Print the data below again in full, exactly as it stands, with no images.

*** Opening PROVIDED MATERIAL ***

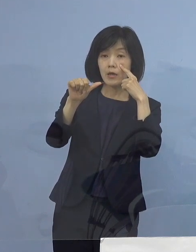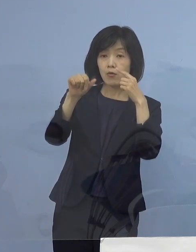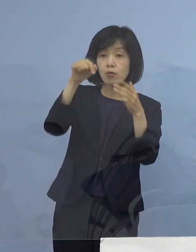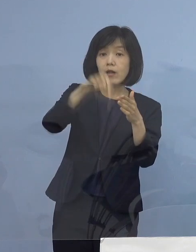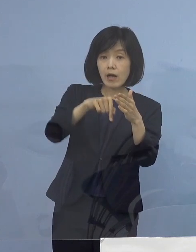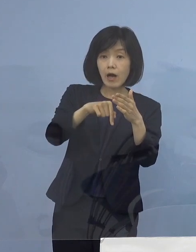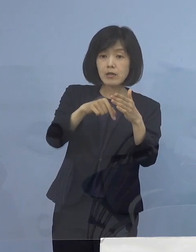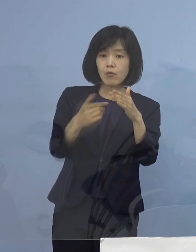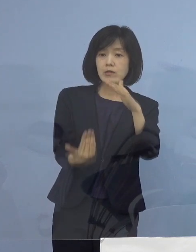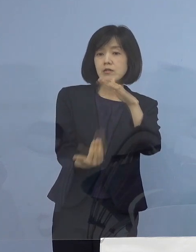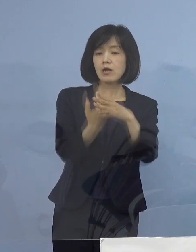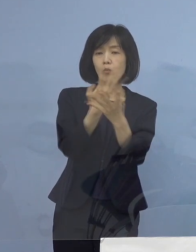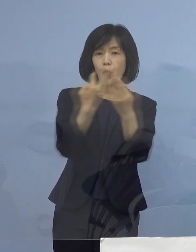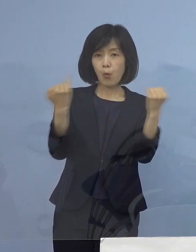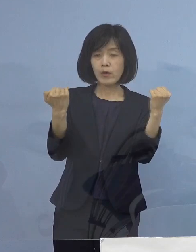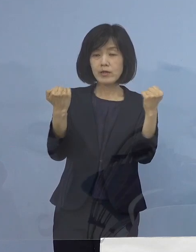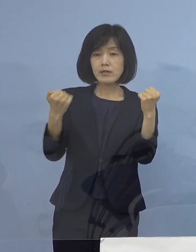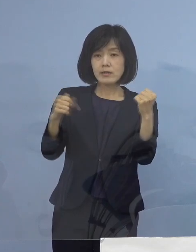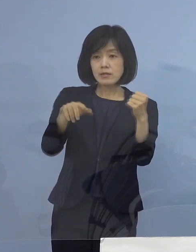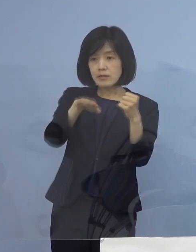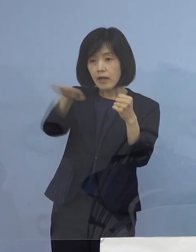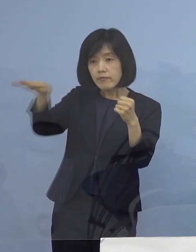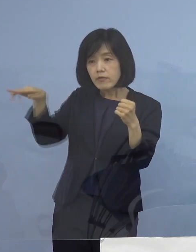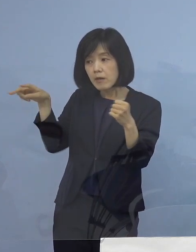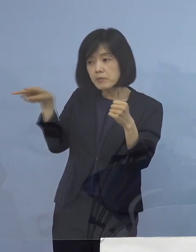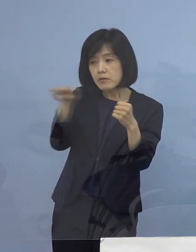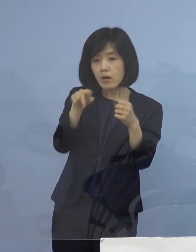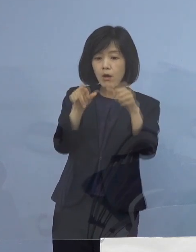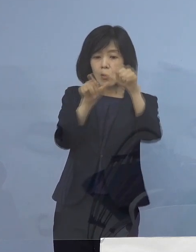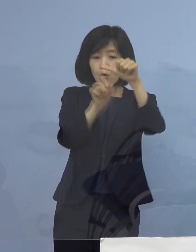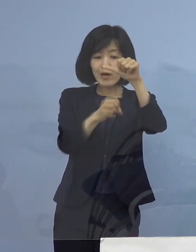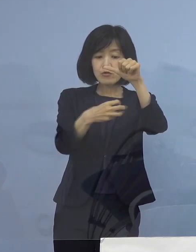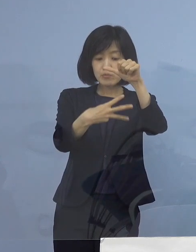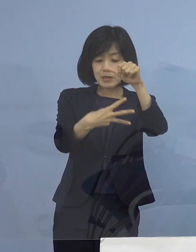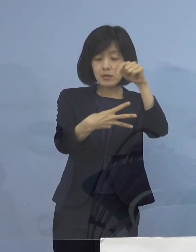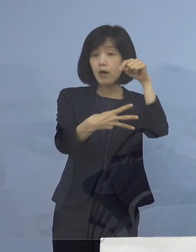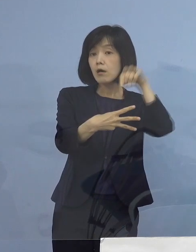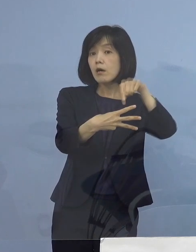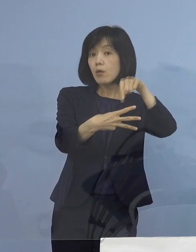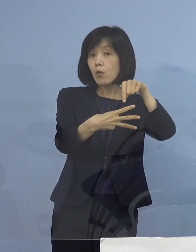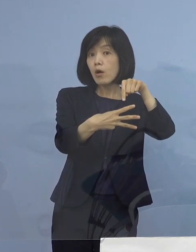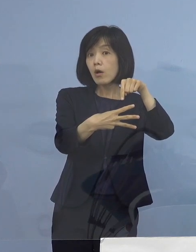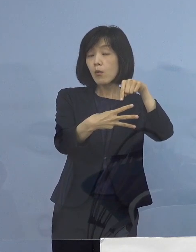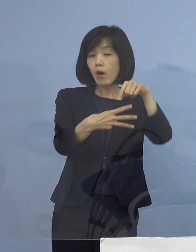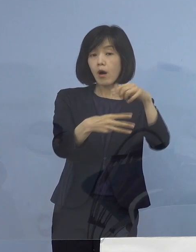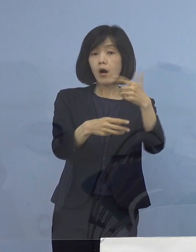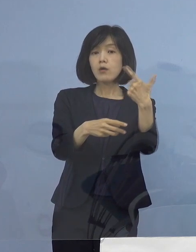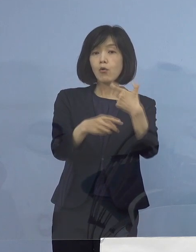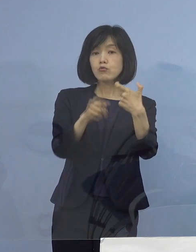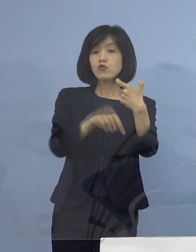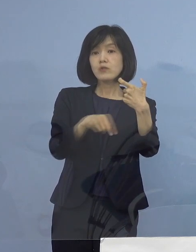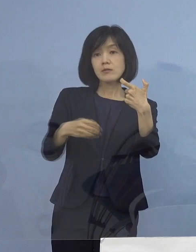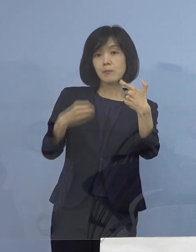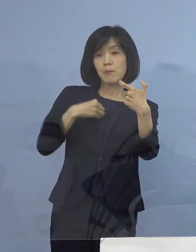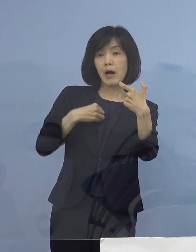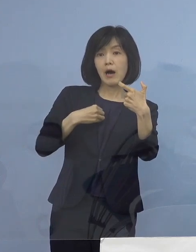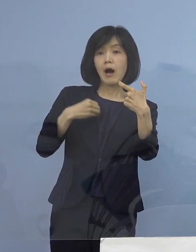そして、全体で見ても5月3日 この時が60（名）過去最高でありましたが
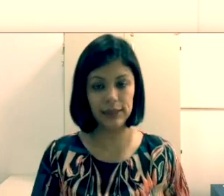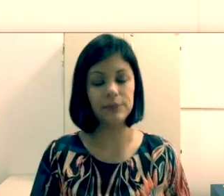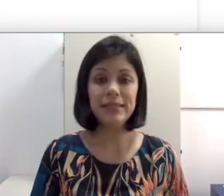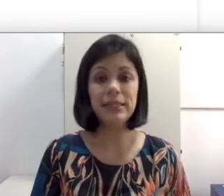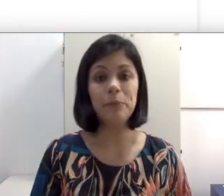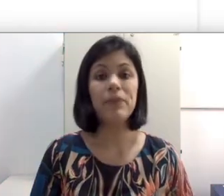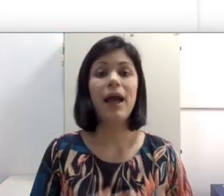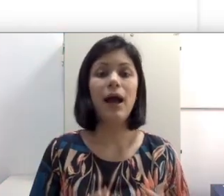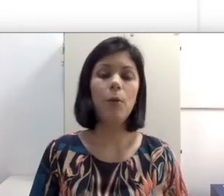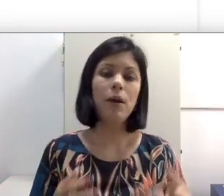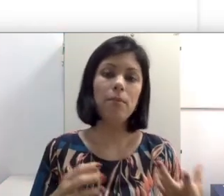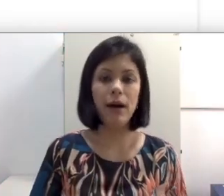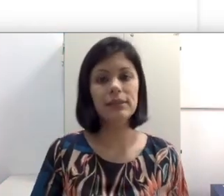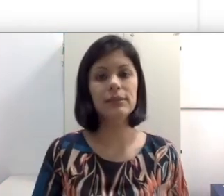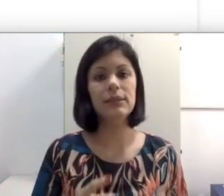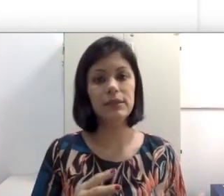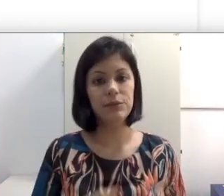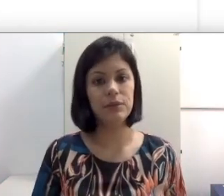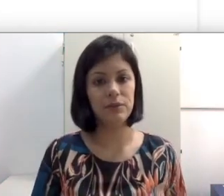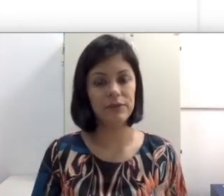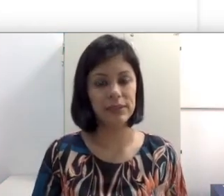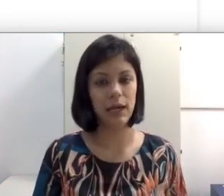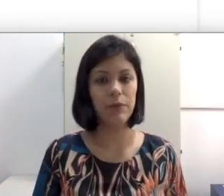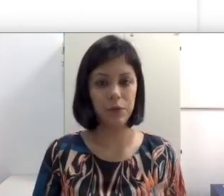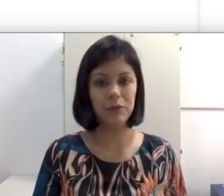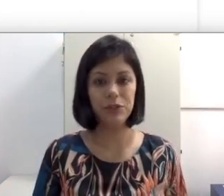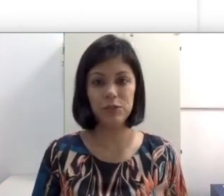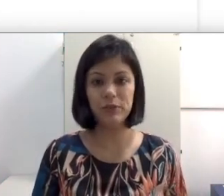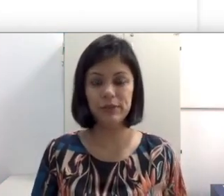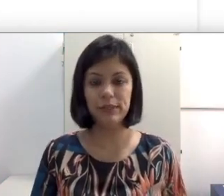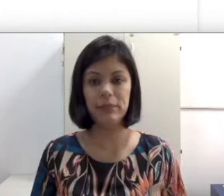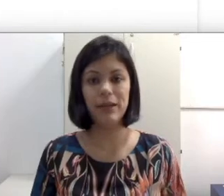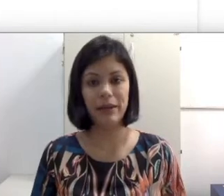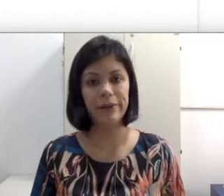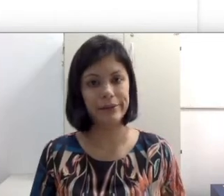Sim, há uma base na leitura facial e, como eu já disse para vocês na aula anterior,
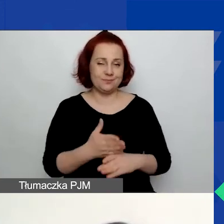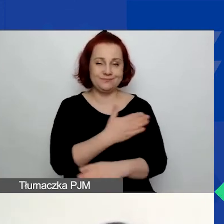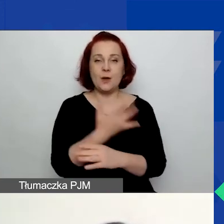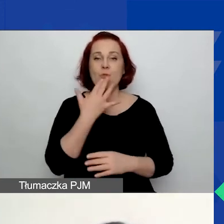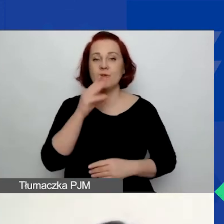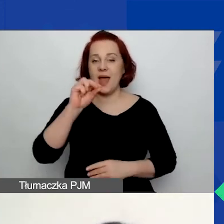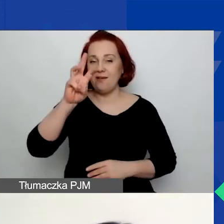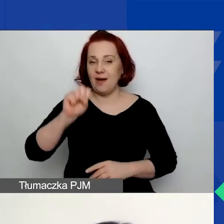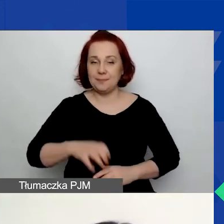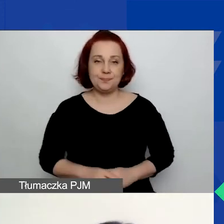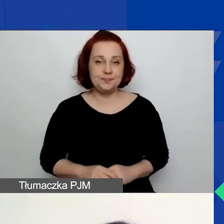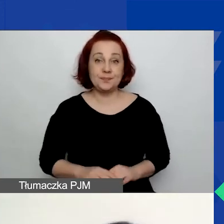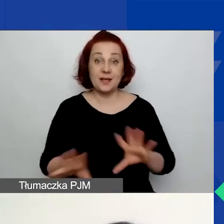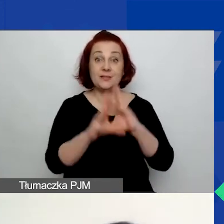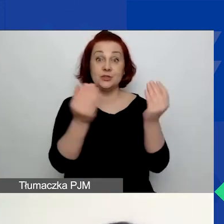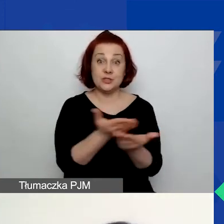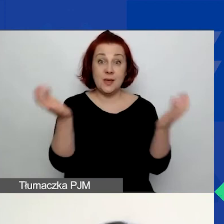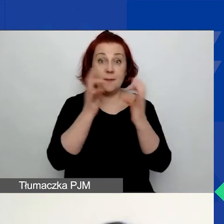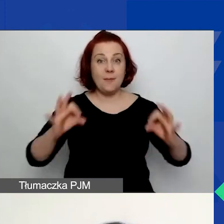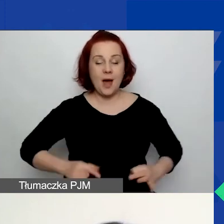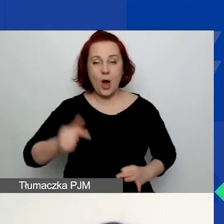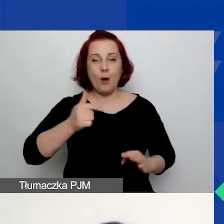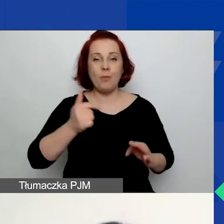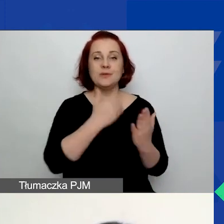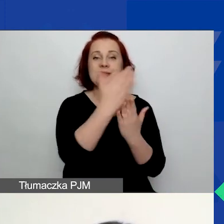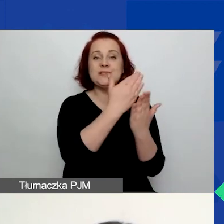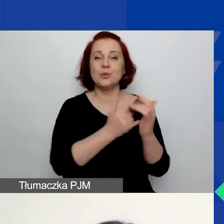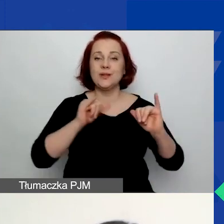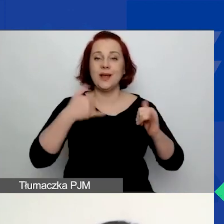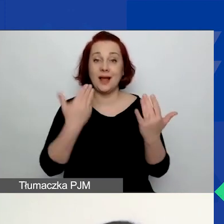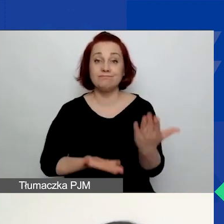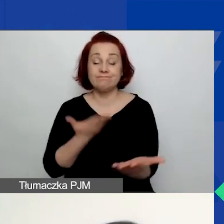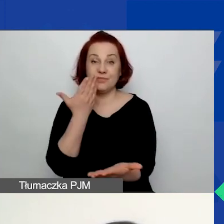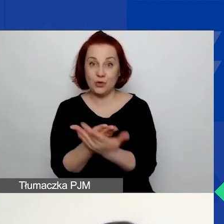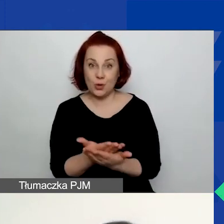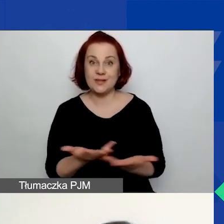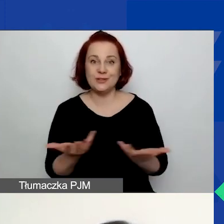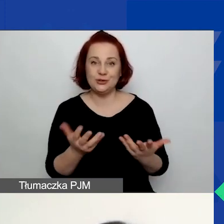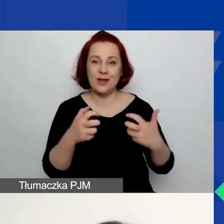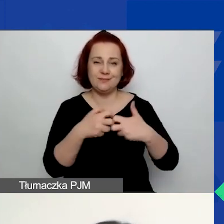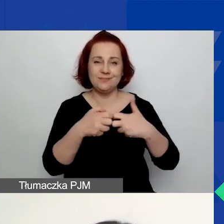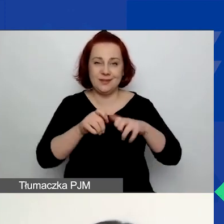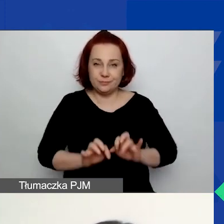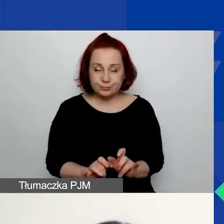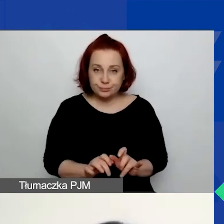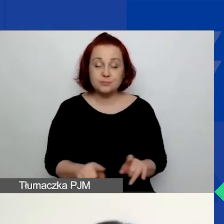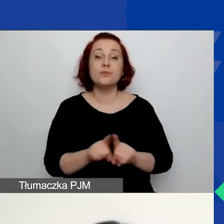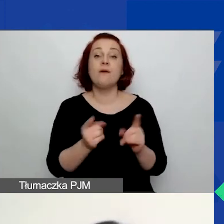Więc wszystkich z państwa obowiązuje instrukcja składania wniosków w generatorze, formularze wniosków.

*** Closing PROVIDED MATERIAL ***

**SOLUTION**
そして、全体で見ても5月3日 この時が60（名）過去最高でありましたが
Sim, há uma base na leitura facial e, como eu já disse para vocês na aula anterior,
Więc wszystkich z państwa obowiązuje instrukcja składania wniosków w generatorze, formularze wniosków.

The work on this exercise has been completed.